This report describes taking a (sub-?)threshold MDMA dose a single time for emotional release. There appears to be a dearth of info on microdosing/sub-threshold dosing of MDMA and I hope this is a step in curing that. I do not advocate regular MDMA dosing at any level given the need to rebuild serotonin (although future research may change this perception).

Today I used a very small dose (~10mg) of MDMA to see if it would assist with emotional release and refocus.

I am going through very stressful and life-changing events, most not of my will, and my relationship is under tremendous strain.

My previous experiences include psilocybin (~10x), LSA, LSD, ayahuasca, and MDMA (~10x and has generally "lost the love" the last few). I beleive strong doses in good settings have led to at least temporary perspective shifts.* I last took any of those over two years ago (save for a mush microdose or two, several months ago). I have attempted to microdose LSD and mushrooms, and noticed essentially nothing from the latter, and a bit of anxiety from the former.

I decided to take a sub-threshhold dose in the AM (about 11:00) to see if any positive effects could be noticed. Ideally this will let me get to sleep at a reasonable hour for work tomorrow and not be too dangerous as I lack company.

I am not calling this a "microdose" as effects were felt, although those may have been placebo.

Set: Home alone (without Macaulay Culkin or burglar traps).

Setting: Nothing too out of the ordinary. Finished PiYo about fifteen minutes before (hands still sweaty when messing with the bag). Last ate, lightly, about two to three hours before. Well slept and no alcohol the night before.

Dose: Approximately 10 mg** oral (or a "nummy") of MDMA off a plate (smashed a crystal and fingered what I couldn't easily put back in the bag). This Molly has been reported very pure by a very experienced friend of mine, for whatever that's worth (very little).

Effects (times are very approximately estimated in retrospect):

T+30: Slight increase in energy, like a cup of tea. I begin searching various sites related to one of my personal situations.

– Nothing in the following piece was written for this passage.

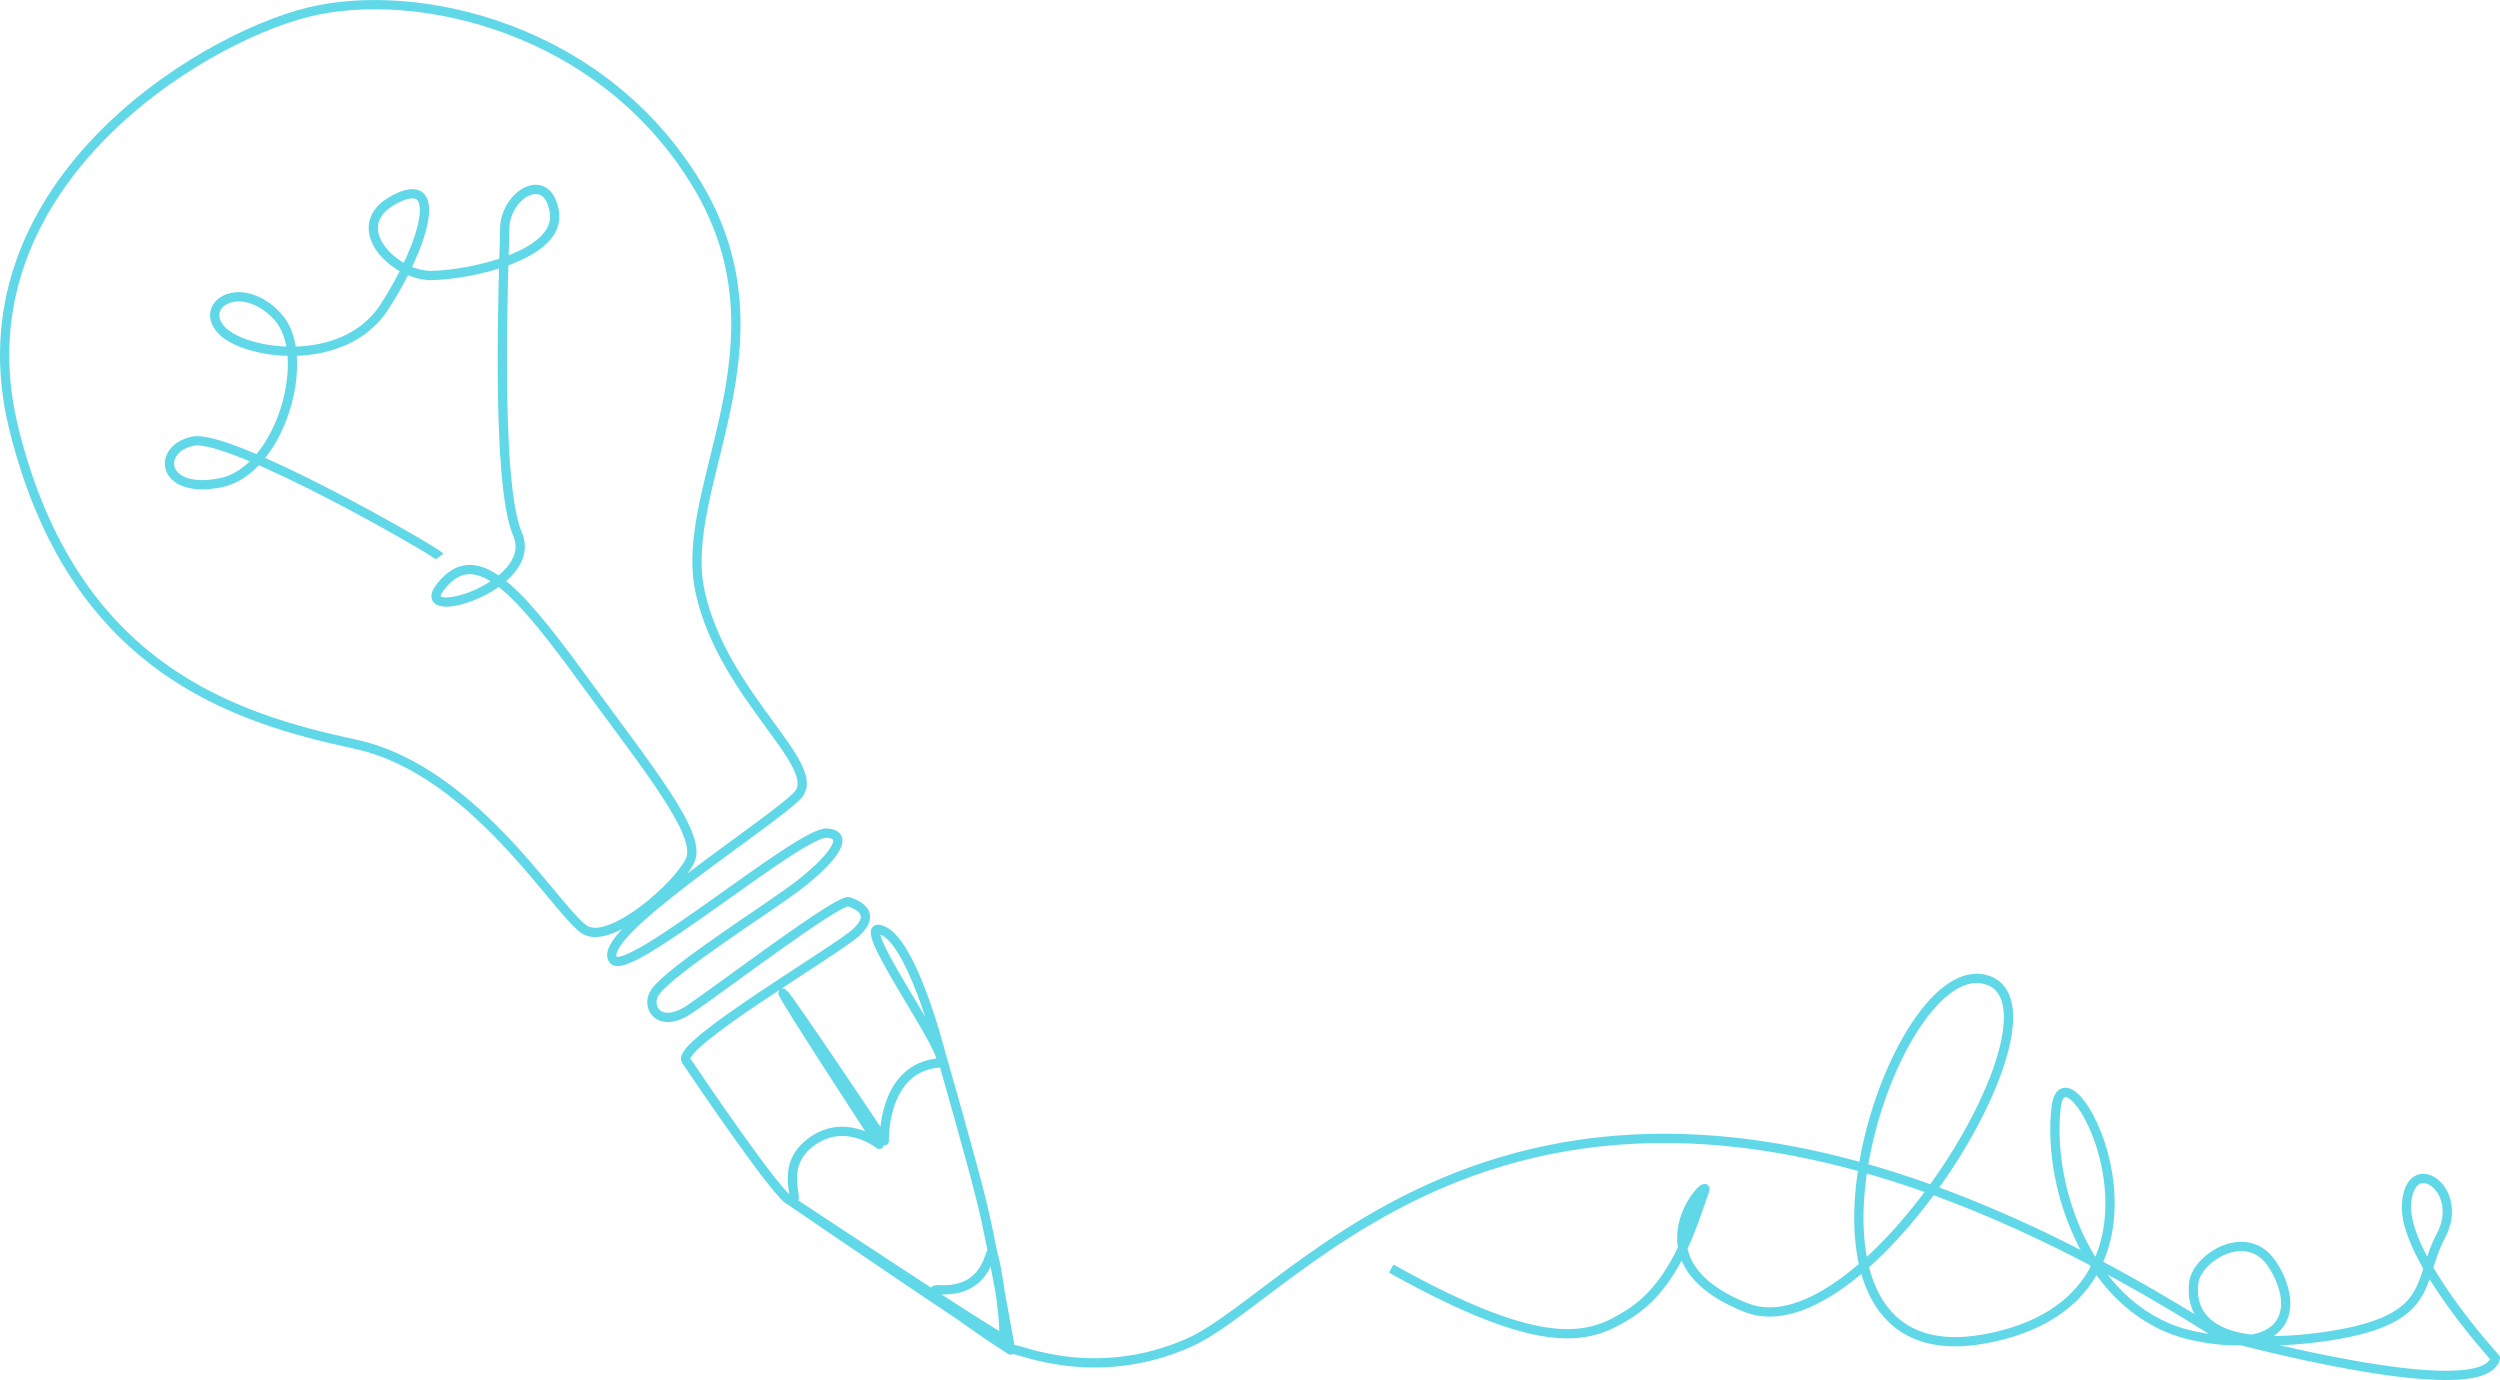 <svg xmlns="http://www.w3.org/2000/svg" id="Layer_2" width="539.22" height="297.67" viewBox="0 0 539.22 297.67"><g id="Layer_1-2"><path d="M300.08,273.62c33.74,18.9,43.12,14.95,51.29,9.78,10.12-6.41,13.61-19.12,16.33-26.69,1.14-3.17-16.67,15.22,8.97,25.35,25.64,10.12,72.21-66.13,51.29-70.86-20.92-4.72-48.59,86.38,0,77.6s17.55-67.48,15.52-49.94c-2.02,17.55,7.42,44.54,29.66,49.26,22.24,4.72,22.3-7.42,16.9-15.52-5.4-8.1-16.2-1.35-16.87,4.05-.67,5.4,1.35,15.18,26.99,11.81,25.64-3.37,20.92-11.81,26.32-21.93,5.4-10.12-6.75-18.22-7.42-6.75-.67,11.47,19.17,33.15,19.17,33.15-2.63,10.71-59.66-5.04-59.66-5.04-142.39-90.43-196.25-9.69-222.19,1.75-20.3,8.95-36.82,1.16-37.69,1.47s-48.1-32.05-48.1-32.05c0,0,44.49,29.47,45.62,29.52s-1.05-15.3-2.08-18.25c-.76-2.19-.3,8.59-11.7,7.84-5.47-.36,15.54,13.02,15.54,13.02,0,0-3.75-21.63-5.98-30.97-2.24-9.35-9.12-33.2-9.12-33.2,0,0-6.46-25.6-13.32-26.56-4.93-.69,16.52,28.54,13.13,28.79-12.49.94-11.95,16.82-11.95,16.82,0,0-21.08-31.57-21.83-31.88s20.74,32.63,20.74,32.63c0,0-7.49-6.08-14.91-.33-7.08,5.49-1.64,13.05-4.14,12.56s-20.35-26.97-22.61-30.33c-2.27-3.36,32.37-23.62,36.71-27.63,4.34-4.02.53-5.85-1.6-6.59s-27.59,18.63-34.3,23.16c-6.71,4.53-9.69-.64-7.45-3.73,3.53-4.89,24.66-18.2,30.75-22.86s12.04-10.91,6.3-11.38c-5.74-.47-42.59,31-46.02,27.41-4.85-5.07,33.53-29.22,39.61-35.5,6.08-6.27-15.97-21.24-20.97-43.92-5-22.68,20.03-53.15-.51-87.59C129.94,5.67,89.66-3.09,66.54,2.61,42.8,8.45-9.78,40.51,2.96,92.35c12.74,51.84,47.5,62.52,73.7,68.17,26.2,5.65,44.17,37.48,49.81,40.2s19.66-9.47,22.37-15.1c2.71-5.63-9.1-19.91-23.68-39.92-14.58-20.01-22.76-28.06-29.94-19.41-7.19,8.65,21.34.25,16.41-11.08-4.93-11.33-2.89-58.71-2.76-65.99.13-7.28,9.28-12.78,10.71-3.43s-18.51,13.58-26.62,13.63c-8.11.05-18.65-10.75-7.83-16.42s6.55,9.69-2.23,23.22c-8.78,13.53-30.51,10.29-35.28,4.82-4.77-5.46,4.43-11.13,12.21-2.82,7.78,8.31.77,33.2-12.14,35.88s-14.14-7.28-6.04-8.95,52.42,23.77,53.18,24.89" fill="none" stroke="#61d8e8" stroke-linejoin="round" stroke-width="2"></path></g></svg>

T+45: I feel an emotional build. Not warm fuzzy, but more a desire to cry, which is something I've wanted for days.
T+45: I feel an emotional build. Not warm fuzzy, but more a desire to cry, which is something I've wanted for days.
I start to play an instrument (which used to be my therapy but has waned), decide not to, sing songs in my head, cry a bit. I notice I am not hungry (really should be given exercise and last eating time).

T+60: When walking to the other room, I notice a tapestry on the wall looks vaguely more interesting. Not more vivid in any way but somehow simply enhanced. I begin to research DBT online, and download a DBT book and begin reading. I feel very "objective" about my situation and want to improve it. If I am remaining in the relationship I need to recognize thoughts of leaving and resentment as unproductive.

T+75: After reading a bit (I seem more focused than normal, again a mild stimulant effect perhaps), my mind wanders to the workplace. I realize it's quite toxic though we all "get along" personally. I realize I am participating in the toxicity and that is making it more stressful than it needs to be. I notice a keen objectivity here that is rare, I've grown accustomed to either celebrating or debasing my colleagues. I begin to think that if this is the effect of a bit of extra serotonin, I may need to go (back) on antidepressants (although I have been contemplating this for a while).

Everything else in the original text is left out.